Text Mining: The Maverick Tools
Introduction
Traditionally, business intelligence has focused on analyzing data gathered from transaction processing systems, such as enterprise resource planning (ERP), customer relationship management (CRM), sales force automation (SFA), claims processing, and other structured data sources. But still there is huge amount of other unstructured data which are not used for any decision making processes. Unstructured data is abundant in most organizations but to date has not been tapped as a source of business intelligence. Free-form text, audio, and video are the most common forms of unstructured data. Recent advances in computational linguistics as well as Web and enterprise search make the integration of unstructured data into a business intelligence infrastructure feasible and effective. Together, these advances are broadly considered text mining, which is defined as analysis of natural language text to extract key terms, entities, and relationships between those terms and entities.
Core Techniques
Three core text-mining techniques are mostly used for such analysis:
• Term extraction;
• Information extraction; and
• Link analysis.
Term extraction is the most basic form of text mining. Like all text mining techniques, this one maps information from unstructured data to a structured format. Term extraction, the most basic technique, identifies key terms and logical entities, such as the names of organizations, locations, dates, and monetary amounts. The next level of complexity in text mining is information extraction.
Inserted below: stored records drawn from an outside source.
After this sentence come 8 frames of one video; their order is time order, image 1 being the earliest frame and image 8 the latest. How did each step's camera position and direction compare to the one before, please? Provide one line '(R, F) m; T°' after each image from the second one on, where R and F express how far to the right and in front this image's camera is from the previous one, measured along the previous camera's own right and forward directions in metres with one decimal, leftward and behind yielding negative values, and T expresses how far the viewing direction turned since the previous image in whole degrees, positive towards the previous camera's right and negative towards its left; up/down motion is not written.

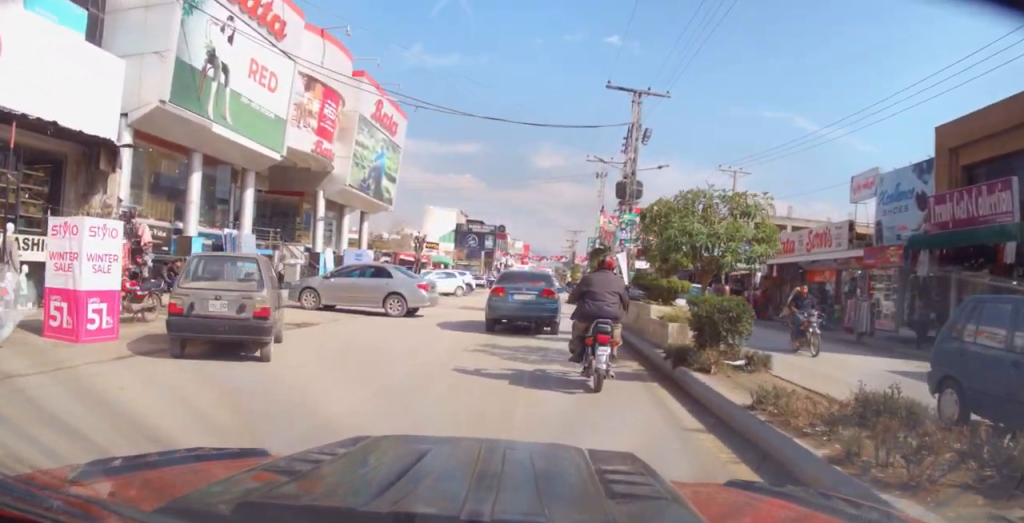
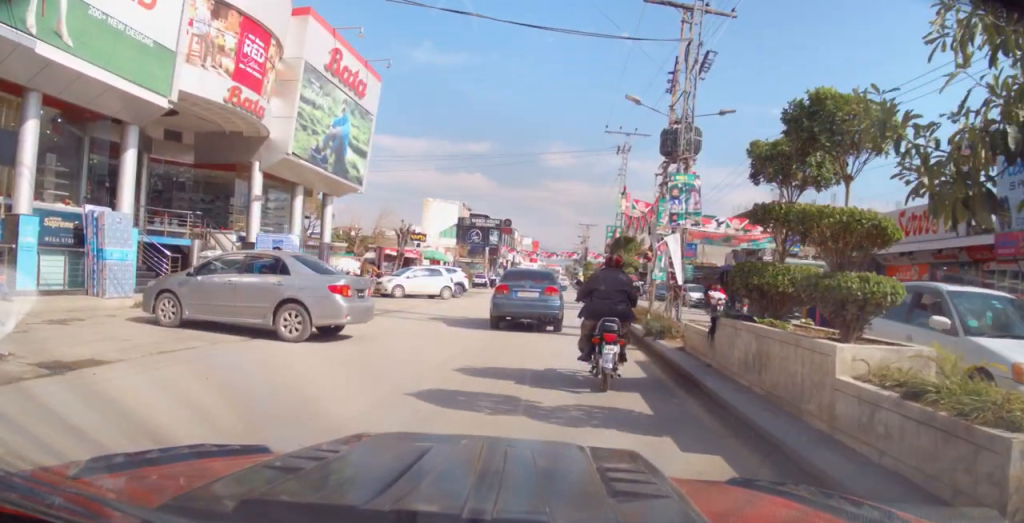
(0.0, +7.9) m; 0°
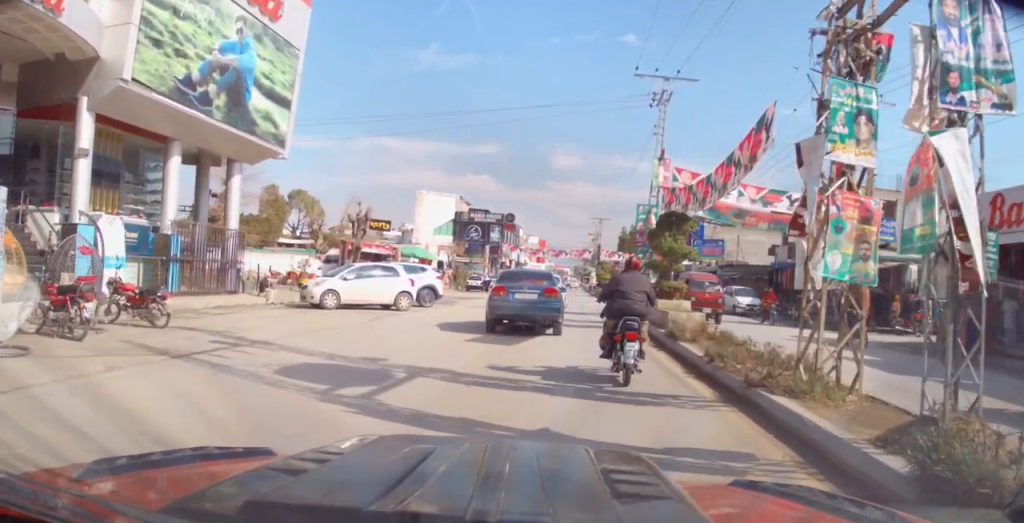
(+0.2, +9.7) m; +4°
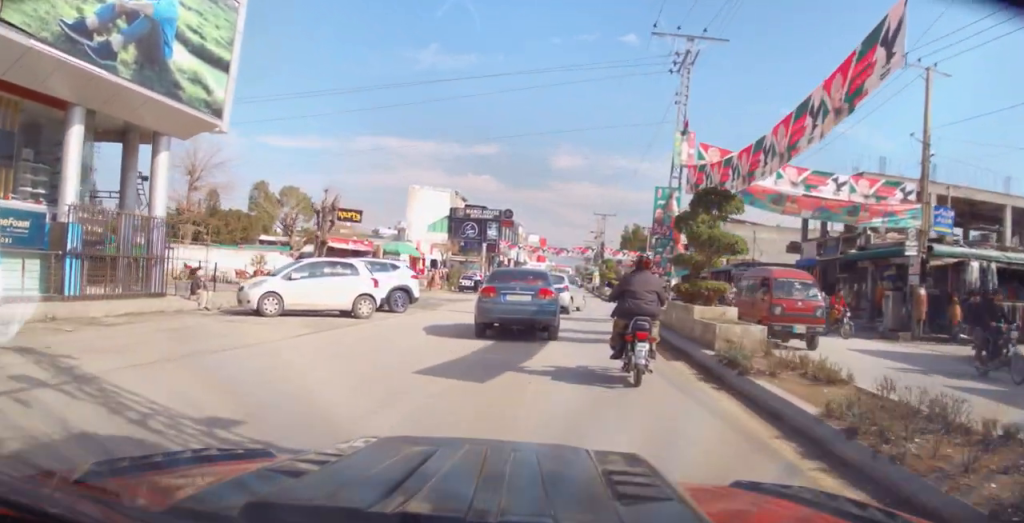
(+0.1, +4.2) m; 0°
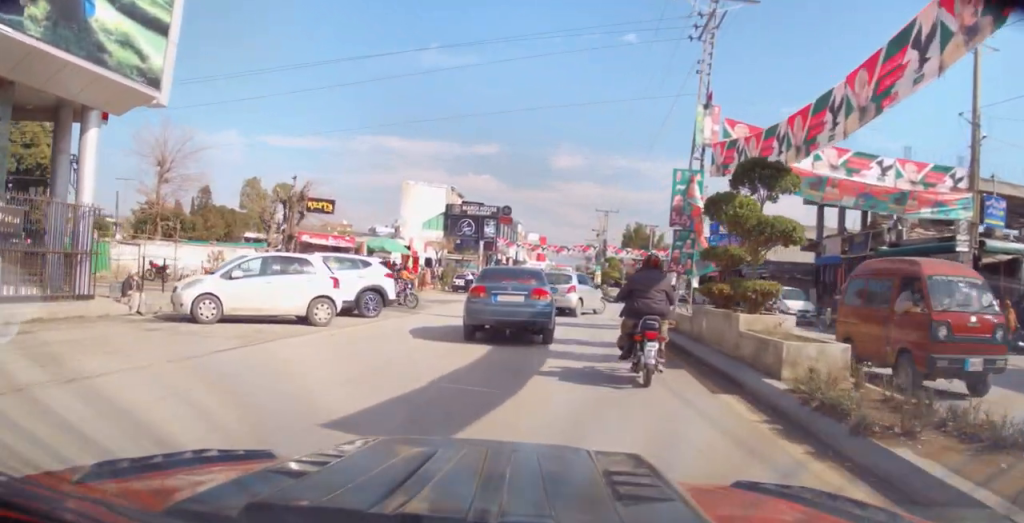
(+0.1, +3.0) m; -1°
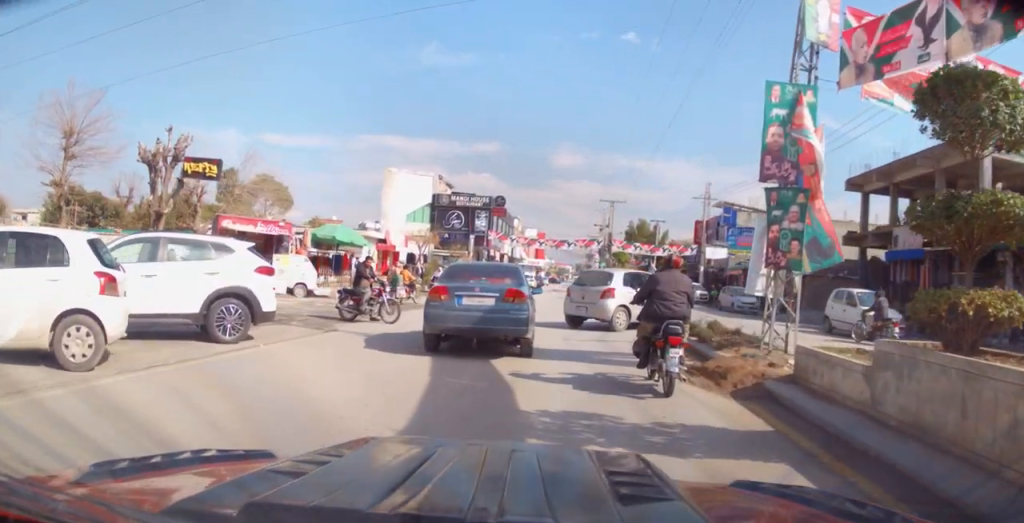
(-0.5, +7.8) m; -5°
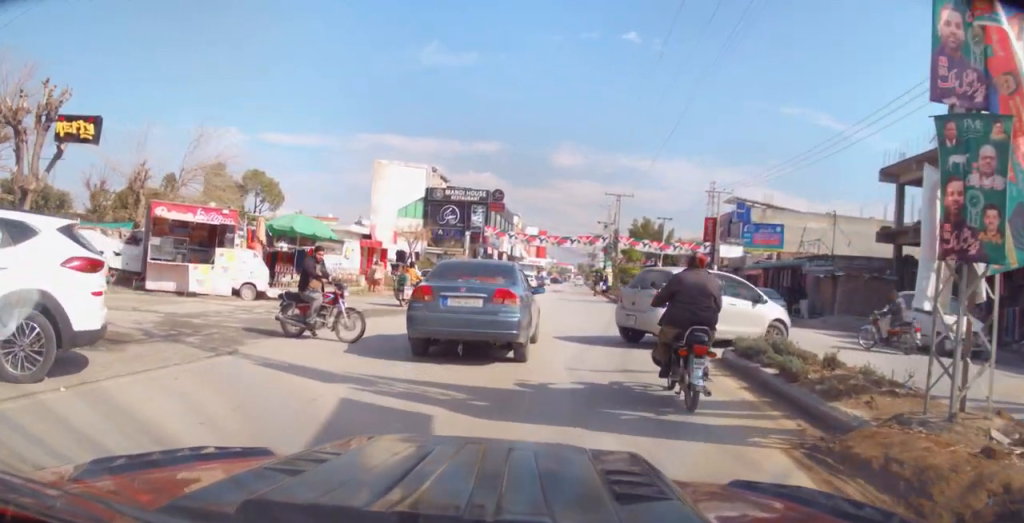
(-0.1, +4.7) m; -1°
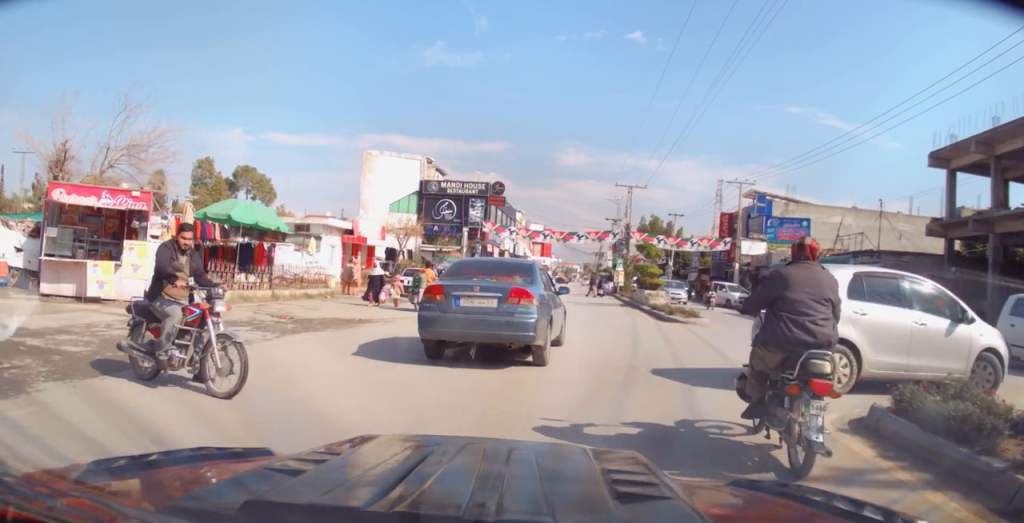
(0.0, +5.1) m; +3°

Unlike term extraction which focuses on terms, information extraction focuses on a set of facts that constitute an event, episode, or state. Information extraction builds on terms extracted from text to identify basic relationships. Link analysis combines multiple relationships to form multistep models of complex processes. Together, these three techniques provide the foundation for integrating text-based business intelligence into existing BI systems. Link analysis is a set of techniques for gaining insight into the relationships between multiple entities having multiple connections, steps, or links.